Barreto Coutinho e Guilherme Matter, entroncamento que passou a ser chamado de
Praça Olga Benário. As tendas de recebimento de doações, da saúde, da cultura e
outras estavam montadas ao longo da rua Dr. Barreto Coutinho e logo no
quarteirão abaixo foi mais tarde alugada uma casa para abrigar os
comunicadores, então chamada Casa da Democracia. Sobre a tenda da saúde, uma
observação: trata-se sobretudo de um espaço de cuidado holístico, com oferta de
massagens e medicina natural.
A
instauração da vigília e do acampamento pode ter soado para muitos como uma
iniciativa bonita, de apoio ao ex-presidente Lula, mas que não teria fôlego
para sustentar-se no cotidiano, nos (muitos) dias em que não há fatos políticos
espetaculosos, em que não há visitas importantes. Felizmente enganaram-se os
que pensavam assim. É certo que as visitas de artistas, intelectuais e
políticos são frequentes, diz-se inclusive que, desde que Lula foi para
Curitiba, o prédio da Superintendência da PF recebe mais presidentes,
ex-presidentes e chanceleres internacionais que o Palácio do Planalto em
Brasília. Em princípio um disparate, mas um fato que denota a percepção
internacional da prisão de Lula. Figuras como Noam Chomsky, Ernesto Samper,
Pepe Mujica, Adolfo Perez Esquivel, Aleida Guevara são alguns dos visitantes
das quintas-feiras ao ex-presidente.
Contudo,
o dia a dia da vigília é sustentado por algumas organizações e movimentos
sociais, dentre os quais destacam-se o Movimento dos Trabalhadores Rurais Sem
Terra (MST), o Movimento dos Atingidos por Barragens (MAB), a Central Única dos
Trabalhadores (CUT) e o Partido dos Trabalhadores, e ganha vida sobretudo com
presenças anônimas de militantes que chegam a se deslocar centenas e até
milhares de quilômetros em caravanas para participar dos já conhecidos “Bom
dia”, “Boa tarde” e “Boa noite, Presidente Lula”; para trazer doações de roupas
e mantimentos; para prestar homenagens ao ex-presidente; para bordar pela
democracia.

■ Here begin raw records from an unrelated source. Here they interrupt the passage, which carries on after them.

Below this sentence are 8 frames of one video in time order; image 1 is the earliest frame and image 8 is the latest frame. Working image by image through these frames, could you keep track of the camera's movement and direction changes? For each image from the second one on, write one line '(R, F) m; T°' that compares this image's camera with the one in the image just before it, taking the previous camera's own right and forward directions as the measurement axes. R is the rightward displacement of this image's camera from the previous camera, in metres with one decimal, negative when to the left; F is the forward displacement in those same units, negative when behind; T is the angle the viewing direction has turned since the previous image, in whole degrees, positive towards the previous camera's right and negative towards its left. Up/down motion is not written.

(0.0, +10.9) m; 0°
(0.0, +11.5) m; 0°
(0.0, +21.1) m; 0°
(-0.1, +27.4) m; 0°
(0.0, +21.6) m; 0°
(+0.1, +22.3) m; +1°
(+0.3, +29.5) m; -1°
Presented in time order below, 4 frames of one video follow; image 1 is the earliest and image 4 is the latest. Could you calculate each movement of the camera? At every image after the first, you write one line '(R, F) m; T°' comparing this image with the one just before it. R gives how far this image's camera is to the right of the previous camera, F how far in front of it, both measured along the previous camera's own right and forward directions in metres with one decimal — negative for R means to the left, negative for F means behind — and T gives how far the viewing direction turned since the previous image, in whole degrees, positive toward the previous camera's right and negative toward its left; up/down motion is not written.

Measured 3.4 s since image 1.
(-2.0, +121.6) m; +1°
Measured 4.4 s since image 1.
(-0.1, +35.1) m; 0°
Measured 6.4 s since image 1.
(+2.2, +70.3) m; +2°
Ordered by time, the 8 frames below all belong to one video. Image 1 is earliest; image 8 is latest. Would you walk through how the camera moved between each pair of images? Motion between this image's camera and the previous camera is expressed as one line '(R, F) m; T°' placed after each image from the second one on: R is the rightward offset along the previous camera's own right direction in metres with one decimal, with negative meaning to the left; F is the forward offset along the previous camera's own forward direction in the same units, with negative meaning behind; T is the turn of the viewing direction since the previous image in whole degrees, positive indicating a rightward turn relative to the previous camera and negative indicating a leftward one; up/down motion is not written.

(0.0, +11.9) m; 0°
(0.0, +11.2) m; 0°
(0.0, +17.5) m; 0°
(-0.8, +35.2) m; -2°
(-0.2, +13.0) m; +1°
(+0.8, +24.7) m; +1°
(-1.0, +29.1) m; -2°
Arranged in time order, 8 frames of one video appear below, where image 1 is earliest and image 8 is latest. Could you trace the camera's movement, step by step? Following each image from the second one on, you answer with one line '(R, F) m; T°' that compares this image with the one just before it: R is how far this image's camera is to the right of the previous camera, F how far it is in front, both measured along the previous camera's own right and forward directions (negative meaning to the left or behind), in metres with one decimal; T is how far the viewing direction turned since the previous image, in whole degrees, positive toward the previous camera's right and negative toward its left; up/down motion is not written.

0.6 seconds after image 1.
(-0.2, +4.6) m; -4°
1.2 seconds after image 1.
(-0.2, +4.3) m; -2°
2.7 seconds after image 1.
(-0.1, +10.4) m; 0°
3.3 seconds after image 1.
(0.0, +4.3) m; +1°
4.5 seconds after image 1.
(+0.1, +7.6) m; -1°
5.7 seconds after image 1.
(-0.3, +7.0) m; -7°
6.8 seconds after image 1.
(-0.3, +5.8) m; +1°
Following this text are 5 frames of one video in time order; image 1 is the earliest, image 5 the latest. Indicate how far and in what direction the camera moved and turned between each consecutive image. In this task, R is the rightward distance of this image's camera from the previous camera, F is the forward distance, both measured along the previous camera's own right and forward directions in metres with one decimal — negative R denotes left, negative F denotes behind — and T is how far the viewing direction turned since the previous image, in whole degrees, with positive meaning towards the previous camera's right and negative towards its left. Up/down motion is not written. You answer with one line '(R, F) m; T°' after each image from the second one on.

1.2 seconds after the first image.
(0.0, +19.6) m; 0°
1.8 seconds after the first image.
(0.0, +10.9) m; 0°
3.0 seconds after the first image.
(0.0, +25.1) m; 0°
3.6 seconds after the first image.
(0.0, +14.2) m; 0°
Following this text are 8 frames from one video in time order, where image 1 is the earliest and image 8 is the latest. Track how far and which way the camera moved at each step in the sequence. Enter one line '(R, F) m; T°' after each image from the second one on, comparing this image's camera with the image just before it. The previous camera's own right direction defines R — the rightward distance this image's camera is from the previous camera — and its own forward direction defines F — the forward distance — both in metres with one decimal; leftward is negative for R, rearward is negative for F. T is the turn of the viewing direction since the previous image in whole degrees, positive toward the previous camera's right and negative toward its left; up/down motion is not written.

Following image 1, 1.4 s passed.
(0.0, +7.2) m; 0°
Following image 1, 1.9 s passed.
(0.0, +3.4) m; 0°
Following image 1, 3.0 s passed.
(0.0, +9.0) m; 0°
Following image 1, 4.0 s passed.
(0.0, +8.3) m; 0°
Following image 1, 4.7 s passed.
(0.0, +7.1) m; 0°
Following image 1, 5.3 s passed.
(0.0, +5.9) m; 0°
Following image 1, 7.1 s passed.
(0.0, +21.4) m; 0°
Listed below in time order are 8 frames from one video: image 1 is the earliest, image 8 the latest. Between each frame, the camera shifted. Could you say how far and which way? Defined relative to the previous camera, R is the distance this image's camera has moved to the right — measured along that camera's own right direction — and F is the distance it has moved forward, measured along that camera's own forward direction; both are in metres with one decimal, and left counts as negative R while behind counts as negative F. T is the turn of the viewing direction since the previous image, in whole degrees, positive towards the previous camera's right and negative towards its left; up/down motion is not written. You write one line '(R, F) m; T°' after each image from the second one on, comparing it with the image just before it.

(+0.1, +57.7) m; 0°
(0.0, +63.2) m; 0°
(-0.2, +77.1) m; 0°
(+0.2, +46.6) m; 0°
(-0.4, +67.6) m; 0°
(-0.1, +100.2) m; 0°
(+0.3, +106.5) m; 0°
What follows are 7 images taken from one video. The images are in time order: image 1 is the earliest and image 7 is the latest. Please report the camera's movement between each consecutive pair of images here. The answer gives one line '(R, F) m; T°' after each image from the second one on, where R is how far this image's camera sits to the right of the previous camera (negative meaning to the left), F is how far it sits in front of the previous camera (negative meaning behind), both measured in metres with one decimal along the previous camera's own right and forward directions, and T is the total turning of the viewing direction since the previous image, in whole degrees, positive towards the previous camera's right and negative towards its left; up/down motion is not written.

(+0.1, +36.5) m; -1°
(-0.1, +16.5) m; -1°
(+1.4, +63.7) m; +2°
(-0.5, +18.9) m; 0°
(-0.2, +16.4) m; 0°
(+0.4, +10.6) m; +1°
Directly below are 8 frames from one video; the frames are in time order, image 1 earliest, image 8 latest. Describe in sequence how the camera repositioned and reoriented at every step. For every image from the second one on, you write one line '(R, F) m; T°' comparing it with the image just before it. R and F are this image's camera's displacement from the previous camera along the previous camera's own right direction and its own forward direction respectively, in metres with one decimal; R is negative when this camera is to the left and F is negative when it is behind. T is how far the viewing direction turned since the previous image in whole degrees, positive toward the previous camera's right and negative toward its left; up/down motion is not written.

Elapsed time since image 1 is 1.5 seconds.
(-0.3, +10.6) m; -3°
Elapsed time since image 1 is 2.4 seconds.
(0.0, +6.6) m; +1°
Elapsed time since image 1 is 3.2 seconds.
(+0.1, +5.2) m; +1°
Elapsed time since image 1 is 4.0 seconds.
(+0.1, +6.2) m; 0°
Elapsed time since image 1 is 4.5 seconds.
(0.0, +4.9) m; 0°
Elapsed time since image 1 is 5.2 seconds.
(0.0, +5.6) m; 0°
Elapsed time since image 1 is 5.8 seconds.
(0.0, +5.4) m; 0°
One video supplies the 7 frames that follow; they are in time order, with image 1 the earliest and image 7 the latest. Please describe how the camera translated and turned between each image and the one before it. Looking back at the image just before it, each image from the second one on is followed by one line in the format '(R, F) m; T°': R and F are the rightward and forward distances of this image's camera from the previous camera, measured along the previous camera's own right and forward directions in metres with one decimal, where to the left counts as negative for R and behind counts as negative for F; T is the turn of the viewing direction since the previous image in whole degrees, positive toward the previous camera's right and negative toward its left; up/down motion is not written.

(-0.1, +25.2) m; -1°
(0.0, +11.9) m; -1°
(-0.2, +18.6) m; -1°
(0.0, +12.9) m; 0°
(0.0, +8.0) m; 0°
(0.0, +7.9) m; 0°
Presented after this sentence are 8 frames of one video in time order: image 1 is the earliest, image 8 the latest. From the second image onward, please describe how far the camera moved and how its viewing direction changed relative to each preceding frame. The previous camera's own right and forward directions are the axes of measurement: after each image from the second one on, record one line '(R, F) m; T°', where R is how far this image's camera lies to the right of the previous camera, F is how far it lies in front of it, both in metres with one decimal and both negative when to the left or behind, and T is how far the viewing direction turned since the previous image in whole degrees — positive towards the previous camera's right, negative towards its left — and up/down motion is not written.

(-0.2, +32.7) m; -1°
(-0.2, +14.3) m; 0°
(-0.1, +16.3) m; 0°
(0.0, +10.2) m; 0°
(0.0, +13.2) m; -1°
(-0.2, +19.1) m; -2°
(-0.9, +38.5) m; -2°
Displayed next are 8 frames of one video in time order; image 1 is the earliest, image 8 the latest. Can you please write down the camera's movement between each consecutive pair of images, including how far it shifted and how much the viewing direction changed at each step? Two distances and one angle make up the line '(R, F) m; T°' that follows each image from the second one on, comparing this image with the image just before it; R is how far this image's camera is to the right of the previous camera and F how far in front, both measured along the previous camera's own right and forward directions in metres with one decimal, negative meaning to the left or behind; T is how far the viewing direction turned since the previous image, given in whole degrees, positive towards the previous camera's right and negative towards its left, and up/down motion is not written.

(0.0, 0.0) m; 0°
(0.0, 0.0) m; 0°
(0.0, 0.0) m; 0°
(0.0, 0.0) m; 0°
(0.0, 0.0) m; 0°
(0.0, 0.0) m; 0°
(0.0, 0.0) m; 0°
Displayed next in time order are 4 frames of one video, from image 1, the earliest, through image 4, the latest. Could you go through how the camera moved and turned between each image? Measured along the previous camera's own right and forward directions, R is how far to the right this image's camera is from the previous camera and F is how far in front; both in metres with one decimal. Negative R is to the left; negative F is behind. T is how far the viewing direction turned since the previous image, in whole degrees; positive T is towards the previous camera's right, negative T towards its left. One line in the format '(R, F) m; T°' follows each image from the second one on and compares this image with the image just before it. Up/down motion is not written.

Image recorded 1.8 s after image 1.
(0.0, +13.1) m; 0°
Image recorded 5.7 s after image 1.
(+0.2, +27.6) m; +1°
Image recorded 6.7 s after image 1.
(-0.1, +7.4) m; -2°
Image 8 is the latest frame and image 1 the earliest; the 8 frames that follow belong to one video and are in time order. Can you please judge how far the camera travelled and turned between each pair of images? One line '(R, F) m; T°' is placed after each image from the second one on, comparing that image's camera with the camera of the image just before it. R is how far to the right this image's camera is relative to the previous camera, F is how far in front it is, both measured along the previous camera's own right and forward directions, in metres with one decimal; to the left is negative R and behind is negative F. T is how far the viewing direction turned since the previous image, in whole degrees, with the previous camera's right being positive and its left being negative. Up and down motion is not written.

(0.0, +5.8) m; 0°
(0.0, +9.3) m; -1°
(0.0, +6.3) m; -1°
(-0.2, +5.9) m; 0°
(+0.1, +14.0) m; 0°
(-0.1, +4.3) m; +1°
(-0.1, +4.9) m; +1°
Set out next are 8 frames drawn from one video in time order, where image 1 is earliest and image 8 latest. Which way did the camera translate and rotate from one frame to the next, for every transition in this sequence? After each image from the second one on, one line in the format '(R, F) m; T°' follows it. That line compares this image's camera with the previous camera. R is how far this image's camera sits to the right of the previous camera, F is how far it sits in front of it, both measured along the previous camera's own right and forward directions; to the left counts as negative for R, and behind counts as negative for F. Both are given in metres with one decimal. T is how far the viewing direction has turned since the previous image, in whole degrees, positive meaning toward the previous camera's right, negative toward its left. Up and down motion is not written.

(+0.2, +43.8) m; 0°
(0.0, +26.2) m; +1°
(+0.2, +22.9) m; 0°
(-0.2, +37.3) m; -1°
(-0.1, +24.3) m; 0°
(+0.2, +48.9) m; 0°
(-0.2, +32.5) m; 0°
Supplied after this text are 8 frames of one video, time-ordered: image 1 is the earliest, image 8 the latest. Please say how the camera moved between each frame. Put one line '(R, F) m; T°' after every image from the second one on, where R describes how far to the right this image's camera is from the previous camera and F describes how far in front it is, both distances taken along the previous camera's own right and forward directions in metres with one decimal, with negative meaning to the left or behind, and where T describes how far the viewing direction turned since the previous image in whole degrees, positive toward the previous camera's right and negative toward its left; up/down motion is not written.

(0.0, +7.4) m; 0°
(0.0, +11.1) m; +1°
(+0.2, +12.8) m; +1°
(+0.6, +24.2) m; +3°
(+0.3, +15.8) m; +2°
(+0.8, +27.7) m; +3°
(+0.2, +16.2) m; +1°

A presença de moradores de Curitiba também se faz notar, assim como
de catarinos, gaúchos e paulistas, que têm mais facilidade de deslocamento
devido à proximidade. O livro de visitas aberto em maio já conta com mais de 13
mil assinaturas.
Em
julho de 2018, a vigília ganhou uma nova casa. Transferiu-se para um terreno
logo em frente à PF. Se antes não era possível chegar tão perto de Lula, agora
ele está logo ali, do outro lado da rua. Pode nos escutar melhor e ver a copa
das belas araucárias do terreno da vigília. Diga-se de passagem, Lula deve
escutar de tudo. Discursos políticos, mensagens de carinho, agradecimento e
esperança, teatro, poesia e música, muita música. A organização da vigília
divulga a programação do dia em um cartaz escrito à mão. Artistas são sempre
muito bem-vindos para apresentações de teatro, declamações de poesias autorais
ou não, intervenções de todo tipo e músicas. Há oficinas, rodas de conversa e
celebrações ecumênicas. São também distribuídos boletins diários, em formato
digital, produzidos pelo Comitê Popular em Defesa de Lula e da Democracia.
Em
setembro de 2018, o MST, em parceria com o Sindicato dos Metalúrgicos do ABC,
inaugurou o Centro de Formação e Cultura Marielle Vive, a poucos metros da PF e
da sede da vigília, com a presença dos pais de Marielle, o espaço conta com o
Cine Lula Livre e um rol de atividades culturais e de formação para a
militância.
A
tristeza estampada no rosto de cada militante que chega vem também acompanhada
da alegria de estar ali; em frente a um edifício de arquitetura e aura tão
hostis criou-se um território de esperança, de luta pela democracia, pela
liberdade e por justiça. Há um sentimento de pertencimento, animado pela
solidariedade das/os companheiras/os, pelo compartilhamento da comida, da
limpeza do local, de informações e sobretudo de sonhos. Foram lindas as
celebrações de Natal e Ano-Novo, mas esperamos que sejam as únicas. Esperamos
não precisar celebrar o aniversário da vigília em 7 de abril de 2019, esperamos
que ela se recolha em breve, com a liberdade de Lula.
* Luiza Dulci é
militante da JPT, integra o Conselho Curador da Fundação Perseu Abramo. É
economista (UFMG), mestre em Sociologia (UFRJ) e doutoranda em Ciências
Sociais, Desenvolvimento e Agricultura (UFRRJ).